[Exercise brief]:
Look through the entries below and say how many lines contain the string "Repetition". Give the number only.

[Entries provided]:
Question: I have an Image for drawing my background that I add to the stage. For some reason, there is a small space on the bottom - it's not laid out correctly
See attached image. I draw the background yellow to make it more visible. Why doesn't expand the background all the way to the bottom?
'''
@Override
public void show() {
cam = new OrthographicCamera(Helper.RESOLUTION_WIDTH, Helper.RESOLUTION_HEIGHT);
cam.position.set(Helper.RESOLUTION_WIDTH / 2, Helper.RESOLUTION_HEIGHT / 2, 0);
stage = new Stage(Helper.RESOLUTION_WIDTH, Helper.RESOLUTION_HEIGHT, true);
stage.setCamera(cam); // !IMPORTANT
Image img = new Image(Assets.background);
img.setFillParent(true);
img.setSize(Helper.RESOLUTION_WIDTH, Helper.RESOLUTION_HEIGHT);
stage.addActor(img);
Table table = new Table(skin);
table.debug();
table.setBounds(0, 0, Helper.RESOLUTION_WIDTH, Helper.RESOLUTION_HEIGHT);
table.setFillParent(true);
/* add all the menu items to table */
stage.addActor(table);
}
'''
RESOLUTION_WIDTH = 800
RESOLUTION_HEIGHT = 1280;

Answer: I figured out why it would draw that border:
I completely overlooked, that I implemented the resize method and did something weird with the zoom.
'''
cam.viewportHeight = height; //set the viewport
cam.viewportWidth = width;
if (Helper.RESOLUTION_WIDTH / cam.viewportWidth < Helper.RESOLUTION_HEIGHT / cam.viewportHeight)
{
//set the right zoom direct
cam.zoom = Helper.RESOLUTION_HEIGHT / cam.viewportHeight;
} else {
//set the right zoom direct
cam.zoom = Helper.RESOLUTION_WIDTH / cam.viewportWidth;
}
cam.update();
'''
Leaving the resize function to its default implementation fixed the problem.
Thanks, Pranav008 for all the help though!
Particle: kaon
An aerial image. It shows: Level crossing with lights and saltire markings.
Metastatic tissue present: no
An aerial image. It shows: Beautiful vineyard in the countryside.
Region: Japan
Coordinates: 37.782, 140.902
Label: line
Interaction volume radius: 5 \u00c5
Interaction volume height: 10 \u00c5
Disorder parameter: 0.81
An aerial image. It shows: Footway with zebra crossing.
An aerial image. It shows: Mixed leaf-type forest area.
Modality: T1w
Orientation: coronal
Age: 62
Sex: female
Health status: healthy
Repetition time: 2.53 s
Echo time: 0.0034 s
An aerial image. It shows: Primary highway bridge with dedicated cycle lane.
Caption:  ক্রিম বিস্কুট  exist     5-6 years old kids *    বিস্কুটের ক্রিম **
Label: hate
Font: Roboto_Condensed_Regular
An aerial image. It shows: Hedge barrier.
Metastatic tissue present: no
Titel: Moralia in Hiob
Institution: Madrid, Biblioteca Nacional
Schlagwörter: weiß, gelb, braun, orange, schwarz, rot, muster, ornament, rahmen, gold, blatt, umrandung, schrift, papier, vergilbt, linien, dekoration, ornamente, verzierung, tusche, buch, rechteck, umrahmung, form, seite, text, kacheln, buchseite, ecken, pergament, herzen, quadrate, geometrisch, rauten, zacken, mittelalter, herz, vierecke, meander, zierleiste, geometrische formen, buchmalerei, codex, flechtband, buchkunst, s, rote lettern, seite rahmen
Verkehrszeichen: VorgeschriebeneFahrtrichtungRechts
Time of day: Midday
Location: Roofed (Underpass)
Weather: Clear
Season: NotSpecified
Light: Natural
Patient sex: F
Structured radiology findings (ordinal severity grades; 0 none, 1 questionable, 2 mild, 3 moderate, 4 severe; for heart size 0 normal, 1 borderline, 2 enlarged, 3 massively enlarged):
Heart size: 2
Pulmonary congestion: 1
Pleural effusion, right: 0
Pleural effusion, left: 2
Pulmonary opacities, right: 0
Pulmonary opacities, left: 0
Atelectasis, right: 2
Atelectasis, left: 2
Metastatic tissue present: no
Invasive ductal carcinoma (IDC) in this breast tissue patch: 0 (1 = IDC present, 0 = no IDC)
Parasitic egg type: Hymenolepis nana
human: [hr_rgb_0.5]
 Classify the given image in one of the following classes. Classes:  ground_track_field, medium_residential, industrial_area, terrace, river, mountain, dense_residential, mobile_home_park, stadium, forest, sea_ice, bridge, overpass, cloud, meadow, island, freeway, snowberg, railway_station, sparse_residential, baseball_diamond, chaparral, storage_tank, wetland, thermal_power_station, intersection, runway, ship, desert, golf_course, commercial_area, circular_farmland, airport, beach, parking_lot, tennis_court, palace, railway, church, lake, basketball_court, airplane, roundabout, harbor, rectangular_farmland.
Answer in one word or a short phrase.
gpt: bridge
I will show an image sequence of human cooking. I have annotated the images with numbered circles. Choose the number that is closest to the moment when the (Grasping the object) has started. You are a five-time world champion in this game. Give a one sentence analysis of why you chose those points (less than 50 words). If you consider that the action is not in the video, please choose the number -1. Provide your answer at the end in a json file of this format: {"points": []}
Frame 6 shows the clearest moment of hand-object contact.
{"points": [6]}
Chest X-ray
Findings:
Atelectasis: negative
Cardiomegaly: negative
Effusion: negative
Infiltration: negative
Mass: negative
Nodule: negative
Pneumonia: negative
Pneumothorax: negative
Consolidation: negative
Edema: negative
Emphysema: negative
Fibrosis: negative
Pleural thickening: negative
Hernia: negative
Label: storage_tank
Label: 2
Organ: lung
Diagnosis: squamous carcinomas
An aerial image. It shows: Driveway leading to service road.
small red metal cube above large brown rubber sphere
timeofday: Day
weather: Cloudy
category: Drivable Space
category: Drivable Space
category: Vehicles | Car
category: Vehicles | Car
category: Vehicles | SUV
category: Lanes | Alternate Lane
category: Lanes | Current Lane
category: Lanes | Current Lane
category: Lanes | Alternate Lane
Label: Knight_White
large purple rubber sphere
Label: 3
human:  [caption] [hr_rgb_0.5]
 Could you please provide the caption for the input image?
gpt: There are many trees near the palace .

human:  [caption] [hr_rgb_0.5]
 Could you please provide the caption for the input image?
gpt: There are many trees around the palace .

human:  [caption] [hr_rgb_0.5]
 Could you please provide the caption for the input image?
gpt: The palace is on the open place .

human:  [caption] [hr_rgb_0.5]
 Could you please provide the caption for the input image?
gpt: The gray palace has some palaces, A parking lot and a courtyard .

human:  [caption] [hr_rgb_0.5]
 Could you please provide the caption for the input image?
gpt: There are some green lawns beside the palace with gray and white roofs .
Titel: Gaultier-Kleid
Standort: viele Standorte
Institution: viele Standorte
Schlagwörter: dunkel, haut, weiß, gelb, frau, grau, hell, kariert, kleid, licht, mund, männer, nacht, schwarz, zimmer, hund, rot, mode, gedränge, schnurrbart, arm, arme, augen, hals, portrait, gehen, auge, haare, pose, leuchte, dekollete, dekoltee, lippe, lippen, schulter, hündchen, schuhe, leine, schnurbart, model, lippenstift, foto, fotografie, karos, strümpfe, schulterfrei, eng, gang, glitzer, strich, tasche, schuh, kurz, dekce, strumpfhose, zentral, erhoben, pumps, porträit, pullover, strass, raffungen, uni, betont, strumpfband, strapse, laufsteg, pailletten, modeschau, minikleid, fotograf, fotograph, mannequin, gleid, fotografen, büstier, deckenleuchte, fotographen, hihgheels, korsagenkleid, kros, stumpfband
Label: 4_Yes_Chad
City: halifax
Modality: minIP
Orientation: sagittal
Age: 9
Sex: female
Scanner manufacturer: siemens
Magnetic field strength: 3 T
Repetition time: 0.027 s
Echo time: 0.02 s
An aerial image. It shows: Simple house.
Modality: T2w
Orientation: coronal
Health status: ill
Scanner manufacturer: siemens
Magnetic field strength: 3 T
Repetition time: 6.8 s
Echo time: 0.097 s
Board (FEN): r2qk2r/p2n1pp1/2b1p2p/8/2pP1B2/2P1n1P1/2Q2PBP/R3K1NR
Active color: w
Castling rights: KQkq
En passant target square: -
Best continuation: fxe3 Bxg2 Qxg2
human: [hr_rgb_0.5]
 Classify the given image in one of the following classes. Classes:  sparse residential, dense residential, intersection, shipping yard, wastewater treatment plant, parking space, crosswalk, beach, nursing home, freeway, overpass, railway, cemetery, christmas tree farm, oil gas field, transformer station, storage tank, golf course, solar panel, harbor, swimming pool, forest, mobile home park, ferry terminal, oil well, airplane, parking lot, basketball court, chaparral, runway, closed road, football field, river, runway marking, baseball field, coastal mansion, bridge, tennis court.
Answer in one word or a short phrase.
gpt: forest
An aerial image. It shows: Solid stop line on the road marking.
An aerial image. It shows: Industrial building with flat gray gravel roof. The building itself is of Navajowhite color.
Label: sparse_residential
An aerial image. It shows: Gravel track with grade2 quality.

[Output of the task]:
3